Entries supplied:
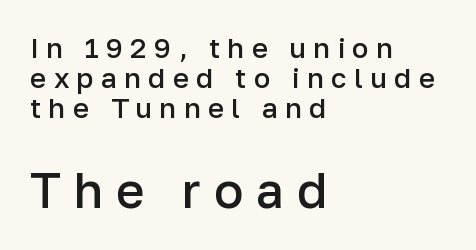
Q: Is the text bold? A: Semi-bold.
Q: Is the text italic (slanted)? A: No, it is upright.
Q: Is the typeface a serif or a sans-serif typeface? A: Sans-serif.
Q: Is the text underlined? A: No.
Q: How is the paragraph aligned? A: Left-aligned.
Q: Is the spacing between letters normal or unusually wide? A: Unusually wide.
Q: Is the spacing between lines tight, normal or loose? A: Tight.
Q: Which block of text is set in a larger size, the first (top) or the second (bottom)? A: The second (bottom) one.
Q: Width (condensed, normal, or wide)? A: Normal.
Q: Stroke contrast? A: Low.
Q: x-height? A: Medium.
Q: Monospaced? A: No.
--
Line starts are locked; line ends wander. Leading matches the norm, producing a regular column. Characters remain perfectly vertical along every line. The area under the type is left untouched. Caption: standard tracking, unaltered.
--
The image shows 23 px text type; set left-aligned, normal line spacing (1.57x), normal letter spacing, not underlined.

What you should do:
Copy out the lines of the data where the string "underlined" occurs.

Solution:
Q: Is the text underlined? A: No.
The image shows 23 px text type; set left-aligned, normal line spacing (1.57x), normal letter spacing, not underlined.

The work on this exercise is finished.